Make an exact copy of the records that follow, with each picture omitted.

--- START ---

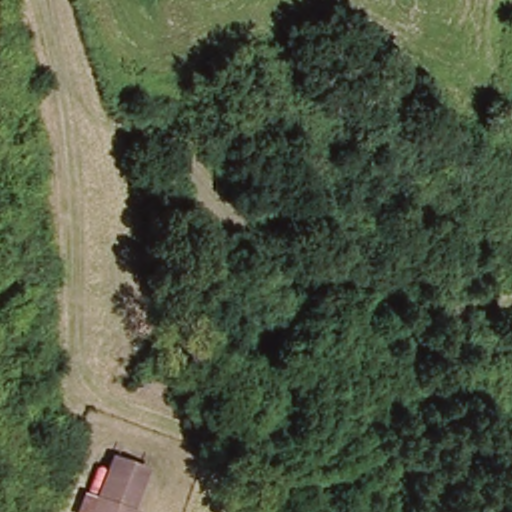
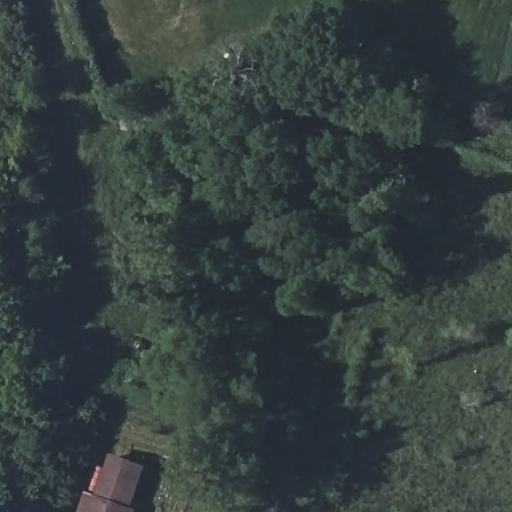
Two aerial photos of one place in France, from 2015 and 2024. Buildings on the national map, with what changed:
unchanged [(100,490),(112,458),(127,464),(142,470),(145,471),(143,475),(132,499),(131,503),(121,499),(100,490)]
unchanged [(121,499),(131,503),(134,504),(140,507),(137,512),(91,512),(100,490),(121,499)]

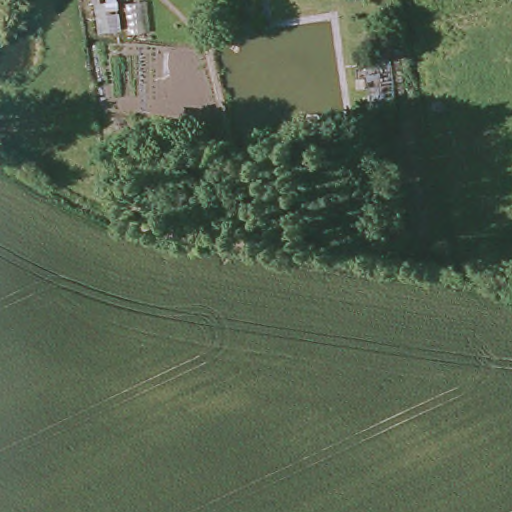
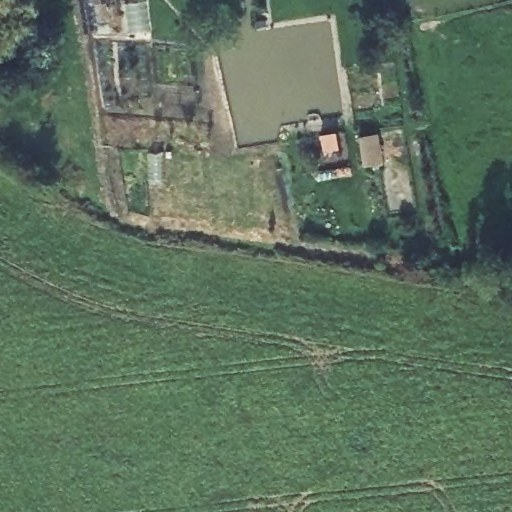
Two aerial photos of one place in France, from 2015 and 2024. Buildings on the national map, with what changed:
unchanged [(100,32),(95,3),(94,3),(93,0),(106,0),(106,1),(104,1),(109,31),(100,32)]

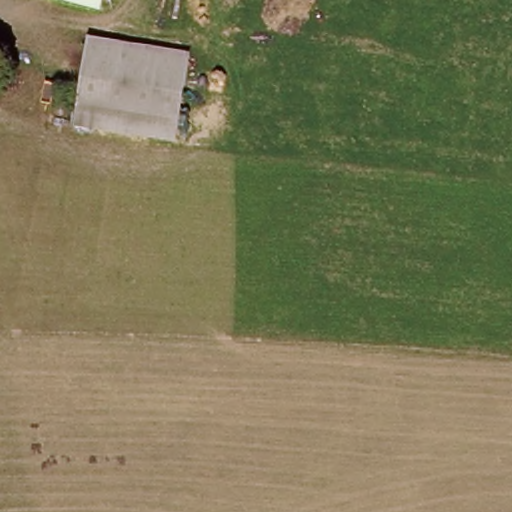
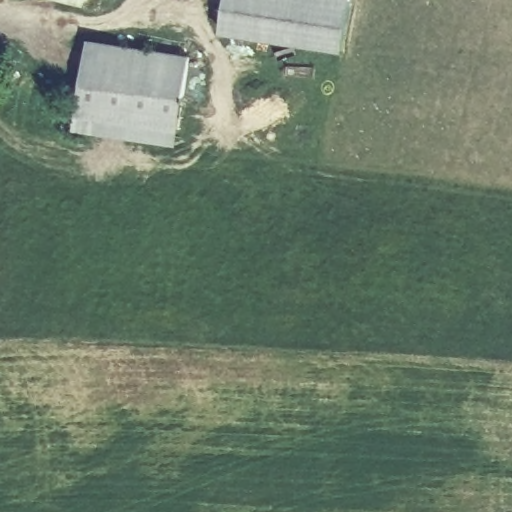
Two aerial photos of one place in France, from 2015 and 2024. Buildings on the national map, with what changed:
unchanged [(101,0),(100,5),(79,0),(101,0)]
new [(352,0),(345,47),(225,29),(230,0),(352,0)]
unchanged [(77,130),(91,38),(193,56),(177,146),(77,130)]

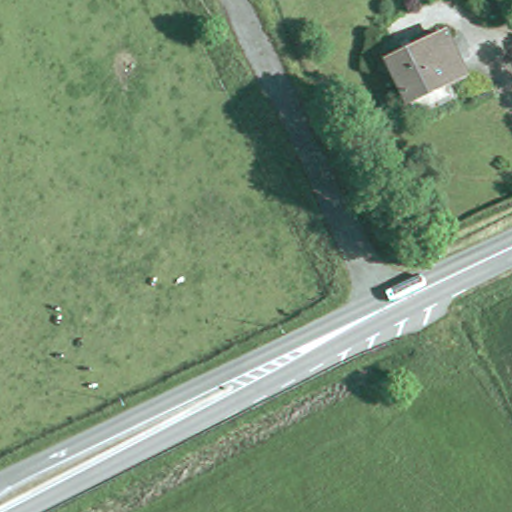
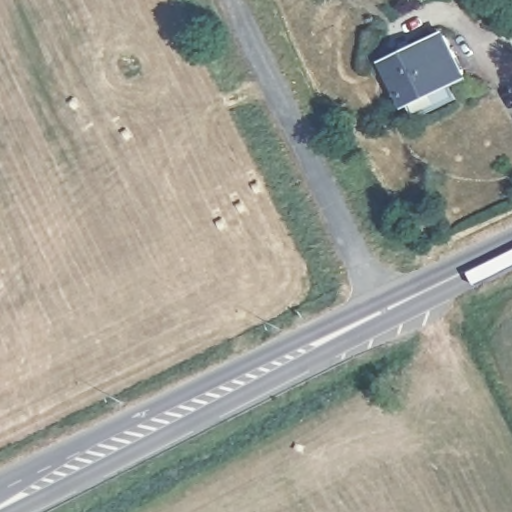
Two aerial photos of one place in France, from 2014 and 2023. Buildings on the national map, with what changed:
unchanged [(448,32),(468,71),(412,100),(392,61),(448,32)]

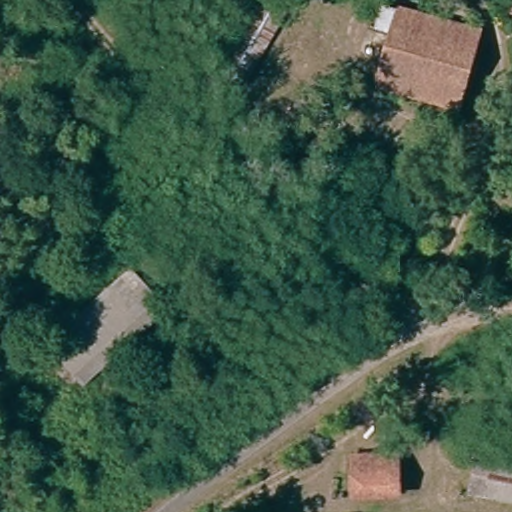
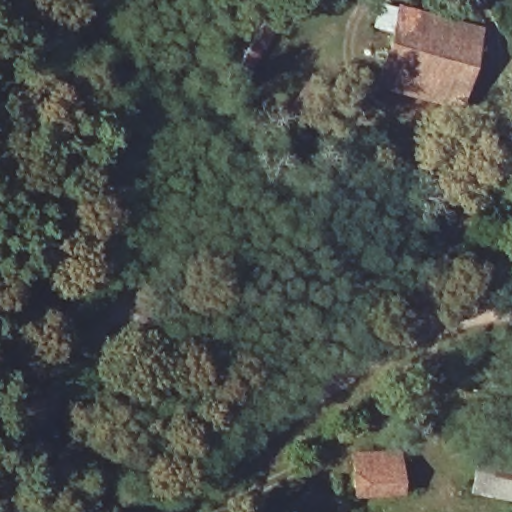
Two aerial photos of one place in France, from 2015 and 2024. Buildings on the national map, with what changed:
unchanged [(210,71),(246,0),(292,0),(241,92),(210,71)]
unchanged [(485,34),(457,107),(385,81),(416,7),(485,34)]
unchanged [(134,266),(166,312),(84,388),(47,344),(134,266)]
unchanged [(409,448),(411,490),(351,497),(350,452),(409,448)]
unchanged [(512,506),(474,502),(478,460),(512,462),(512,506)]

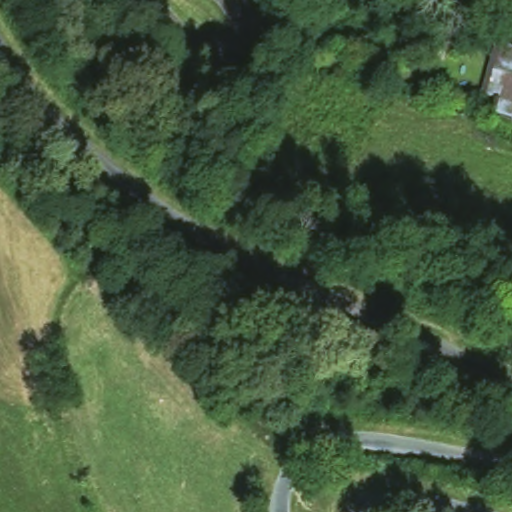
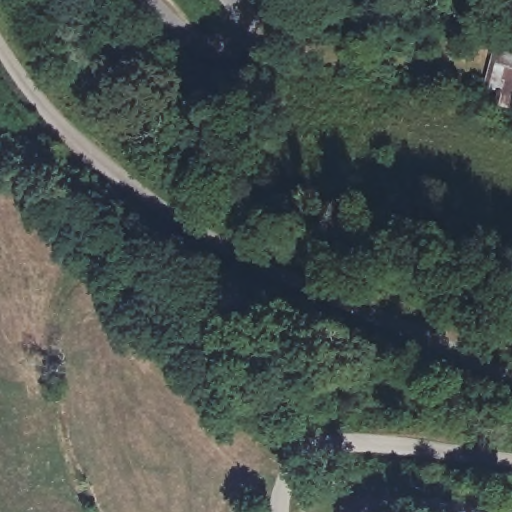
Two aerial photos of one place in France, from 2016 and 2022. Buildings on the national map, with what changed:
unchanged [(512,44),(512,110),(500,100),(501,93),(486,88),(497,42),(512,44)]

--- END ---

Written answer:
Two aerial photos of one place in France, from 2015 and 2024. Buildings on the national map, with what changed:
unchanged [(100,490),(112,458),(127,464),(142,470),(145,471),(143,475),(132,499),(131,503),(121,499),(100,490)]
unchanged [(121,499),(131,503),(134,504),(140,507),(137,512),(91,512),(100,490),(121,499)]

Two aerial photos of one place in France, from 2015 and 2024. Buildings on the national map, with what changed:
unchanged [(100,32),(95,3),(94,3),(93,0),(106,0),(106,1),(104,1),(109,31),(100,32)]

Two aerial photos of one place in France, from 2015 and 2024. Buildings on the national map, with what changed:
unchanged [(101,0),(100,5),(79,0),(101,0)]
new [(352,0),(345,47),(225,29),(230,0),(352,0)]
unchanged [(77,130),(91,38),(193,56),(177,146),(77,130)]

Two aerial photos of one place in France, from 2014 and 2023. Buildings on the national map, with what changed:
unchanged [(448,32),(468,71),(412,100),(392,61),(448,32)]

Two aerial photos of one place in France, from 2015 and 2024. Buildings on the national map, with what changed:
unchanged [(210,71),(246,0),(292,0),(241,92),(210,71)]
unchanged [(485,34),(457,107),(385,81),(416,7),(485,34)]
unchanged [(134,266),(166,312),(84,388),(47,344),(134,266)]
unchanged [(409,448),(411,490),(351,497),(350,452),(409,448)]
unchanged [(512,506),(474,502),(478,460),(512,462),(512,506)]

Two aerial photos of one place in France, from 2016 and 2022. Buildings on the national map, with what changed:
unchanged [(512,44),(512,110),(500,100),(501,93),(486,88),(497,42),(512,44)]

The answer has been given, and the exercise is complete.